You wanted a dog now deal with it. As many have pointed out this is a baby. It will get better but it is going to take time and patience and training. You took responsibility not your mum, it is not her dog it is yours! Time to prove you are old enough to have this huge responsibility.


----------



## Sunflowers (Feb 17, 2012)

Speedy2662 said:


> the thing is this won't get better if he continues this!
> If he keeps peeing inside straight away after he's been to the garden, I'm not really sure if this will get any better! :/ And my mum doesn't help either, because it's been raining today and she refused to tkae him outside when I was in school ! >_<


Ok, then I guess you will have a dog that will use your home as a toilet. That is what she is teaching him .


----------



## Bear L (Feb 9, 2012)

It took me 3 months to train my puppy. Your's have been in your house for... 1 week? House training is not something you can rush. It just takes time and consistency on your part. The dog will learn if you keep up at it. It may take some time but it will happen if you keep taking it out. 

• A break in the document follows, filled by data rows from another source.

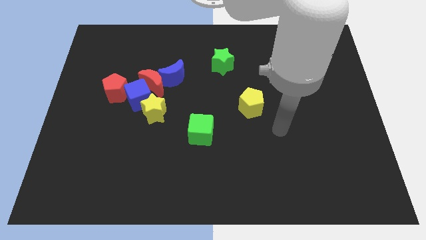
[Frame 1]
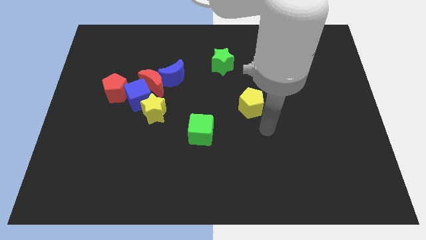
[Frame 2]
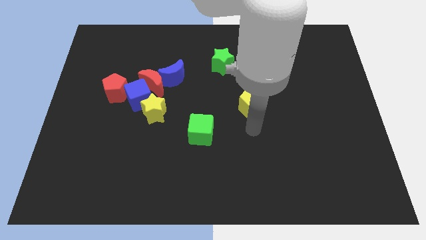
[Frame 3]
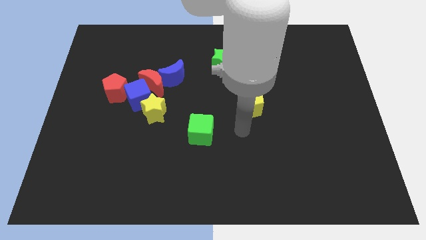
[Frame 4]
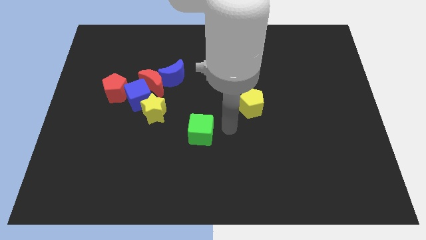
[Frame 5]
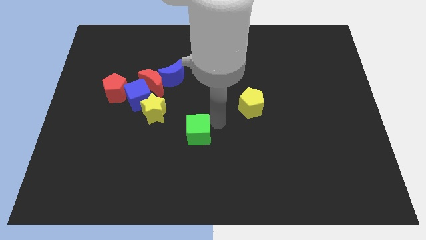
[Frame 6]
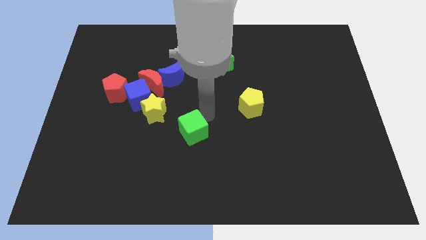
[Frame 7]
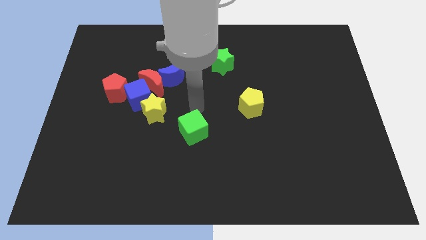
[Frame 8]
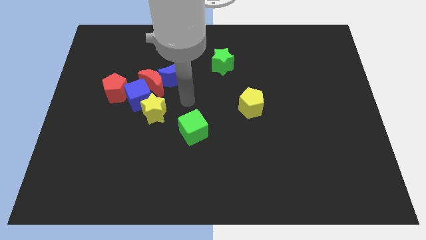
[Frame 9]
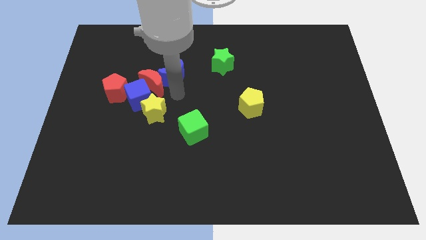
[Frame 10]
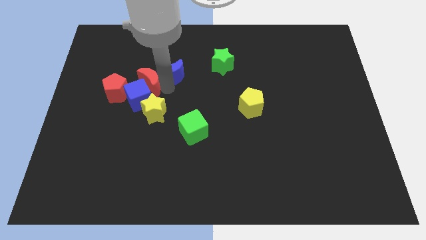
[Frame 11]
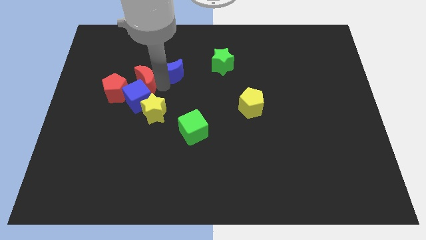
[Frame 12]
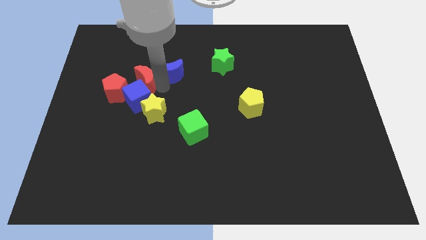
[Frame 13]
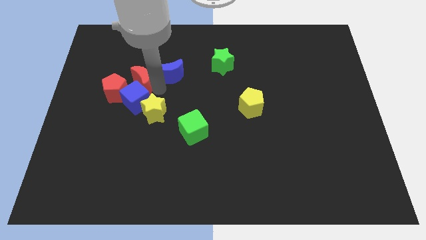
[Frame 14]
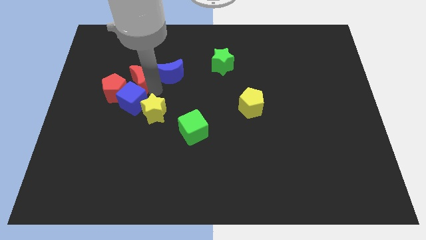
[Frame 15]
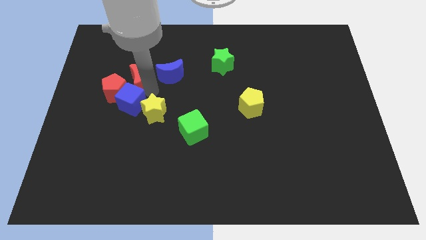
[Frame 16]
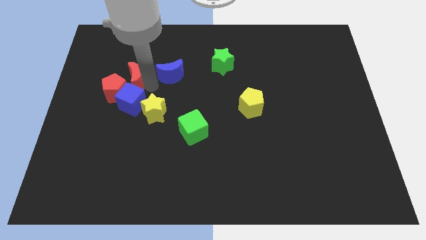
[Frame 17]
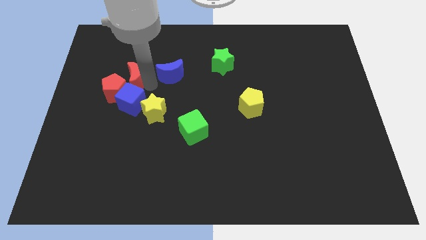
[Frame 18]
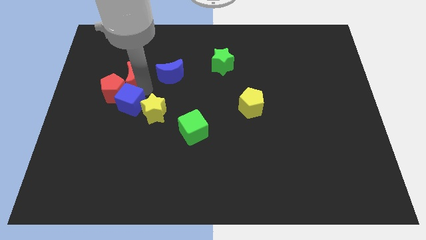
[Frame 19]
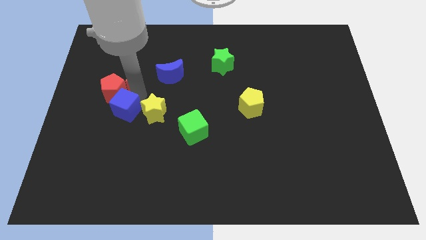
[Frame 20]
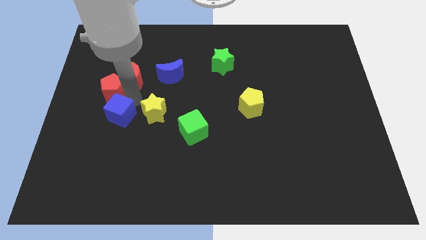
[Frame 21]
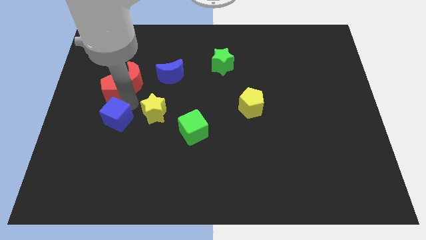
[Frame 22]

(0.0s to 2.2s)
move the blue cube away from the clump

What helped me was taking the dog to a small designated area in the yard that is sort of cornered off from the rest. The dog learned soon that area is for that business and will go fairly quickly if I take her out to that designated area (and I don't even have to say "go potty" once she gets it, she will go there on her own when we're outside). It also helps to know that's where all the poop will be so I don't have to look all over the yard. After she learned that, she still had accidents inside the house, but at least she got the idea that if I take her there, she is to go.


----------



## Speedy2662 (May 27, 2012)

shepherdmom said:


> You wanted a dog now deal with it. As many have pointed out this is a baby. It will get better but it is going to take time and patience and training. You took responsibility not your mum, it is not her dog it is yours! Time to prove you are old enough to have this huge responsibility.

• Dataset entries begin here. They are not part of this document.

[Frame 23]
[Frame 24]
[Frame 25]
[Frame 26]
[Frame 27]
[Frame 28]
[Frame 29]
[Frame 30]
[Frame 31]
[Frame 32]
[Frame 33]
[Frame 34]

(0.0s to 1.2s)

It is my dog, but what am I ment to do when I'm at school? Take it with me to class? I don't really see that happening. She promised to help me. I'll talk her and hopefully she will take him out even if it's raining.
I was just wondering why does he do that. He holds it in and then he finally goes when he's outside? :/ I am outside for big amounts of time and he still doesn't go...


----------



## Sunflowers (Feb 17, 2012)

Because he has gone so much inside that he is used to going there and it has almost become reflex for him. Once they learn a behavior they repeat it. 
This is not his fault.
Training a dog is possible only if all members of the house accept responsibility. One can't just say it is one person's dog and expect that person to do everything, unless that person is home 24/7.


----------



## gaia_bear (May 24, 2012)

Don't expect it to be a quick process, a puppy is A LOT of work. It's going to take time before he's fully house trained. This is where leashing him to you comes in handy and using the crate when you're not around. You'll soon catch on to his body language when he needs to go. 

One of the most important things to remember when house training a puppy is when he makes an accident don't get upset at him, he doesn't know any better yet, especially if you don't catch him in the act. 

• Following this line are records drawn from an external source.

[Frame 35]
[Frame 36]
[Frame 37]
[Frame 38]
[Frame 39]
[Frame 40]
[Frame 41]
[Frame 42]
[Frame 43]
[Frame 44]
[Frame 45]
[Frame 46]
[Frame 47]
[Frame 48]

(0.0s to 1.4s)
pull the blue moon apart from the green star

I promise it does get better, there are going to be moments when you question why on earth you wanted this puppy but in the end it's all worth it.


----------



## Speedy2662 (May 27, 2012)

He's only doing it on the puppy pee pad now... Do you think I should take the pad outside tomorrow and see if that works? My parents really don't help at all mentally, they keep shouting at me, telling me that I'm wrong & stupid, etc. I really feel devastated right now, as I just want him to go outside... I know he won't do it immediately.
I saw sprays that if you spray something it helps the dog to "go there" as in it's a friendly smell that makes him wanna go there... Is that true?
[ame]http://www.amazon.co.uk/Johnsons-Puppy-Kitten-House-Trainer/dp/B000OLWS0U/ref=sr_1_3?ie=UTF8&qid=1352482405&sr=8-3[/ame]


----------



## shepherdmom (Dec 24, 2011)

Speedy2662 said:


> It is my dog, but what am I ment to do when I'm at school? Take it with me to class? I don't really see that happening. She promised to help me. I'll talk her and hopefully she will take him out even if it's raining.
> I was just wondering why does he do that. He holds it in and then he finally goes when he's outside? :/ I am outside for big amounts of time and he still doesn't go...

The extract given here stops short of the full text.